**Task statement**
Look through the data below. Show each line where the string "category" occurs.

Extracted data entries
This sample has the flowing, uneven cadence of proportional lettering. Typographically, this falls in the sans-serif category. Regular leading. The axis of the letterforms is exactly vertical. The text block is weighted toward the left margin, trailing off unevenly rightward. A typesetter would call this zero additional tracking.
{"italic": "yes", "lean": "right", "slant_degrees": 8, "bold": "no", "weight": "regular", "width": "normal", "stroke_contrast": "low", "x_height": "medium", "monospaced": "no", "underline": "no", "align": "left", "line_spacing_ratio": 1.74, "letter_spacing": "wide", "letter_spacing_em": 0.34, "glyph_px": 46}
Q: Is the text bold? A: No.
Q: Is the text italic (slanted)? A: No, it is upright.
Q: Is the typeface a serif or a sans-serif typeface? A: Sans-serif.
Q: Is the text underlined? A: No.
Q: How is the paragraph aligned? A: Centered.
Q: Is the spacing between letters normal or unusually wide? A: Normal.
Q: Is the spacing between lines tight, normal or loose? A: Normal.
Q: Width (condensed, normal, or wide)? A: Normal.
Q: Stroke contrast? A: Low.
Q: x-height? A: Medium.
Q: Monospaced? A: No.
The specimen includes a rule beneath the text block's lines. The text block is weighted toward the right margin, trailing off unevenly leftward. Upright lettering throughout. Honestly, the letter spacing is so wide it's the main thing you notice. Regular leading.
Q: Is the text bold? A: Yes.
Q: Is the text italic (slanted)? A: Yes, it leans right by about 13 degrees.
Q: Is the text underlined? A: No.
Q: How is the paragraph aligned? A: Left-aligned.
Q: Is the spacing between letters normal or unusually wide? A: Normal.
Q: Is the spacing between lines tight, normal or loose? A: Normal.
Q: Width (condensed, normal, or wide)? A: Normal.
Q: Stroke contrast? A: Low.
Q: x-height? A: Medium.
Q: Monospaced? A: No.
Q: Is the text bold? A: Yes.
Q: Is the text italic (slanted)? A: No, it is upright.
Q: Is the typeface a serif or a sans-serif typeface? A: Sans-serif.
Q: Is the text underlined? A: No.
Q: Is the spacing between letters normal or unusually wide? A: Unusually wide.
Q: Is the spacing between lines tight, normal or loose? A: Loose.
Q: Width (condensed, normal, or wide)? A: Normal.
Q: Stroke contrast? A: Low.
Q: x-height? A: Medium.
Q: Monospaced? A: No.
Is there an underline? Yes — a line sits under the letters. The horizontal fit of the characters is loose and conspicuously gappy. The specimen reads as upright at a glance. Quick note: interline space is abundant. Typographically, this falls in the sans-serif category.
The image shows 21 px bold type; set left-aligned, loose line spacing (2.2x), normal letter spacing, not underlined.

**Exercise output**
This sample has the flowing, uneven cadence of proportional lettering. Typographically, this falls in the sans-serif category. Regular leading. The axis of the letterforms is exactly vertical. The text block is weighted toward the left margin, trailing off unevenly rightward. A typesetter would call this zero additional tracking.
Is there an underline? Yes — a line sits under the letters. The horizontal fit of the characters is loose and conspicuously gappy. The specimen reads as upright at a glance. Quick note: interline space is abundant. Typographically, this falls in the sans-serif category.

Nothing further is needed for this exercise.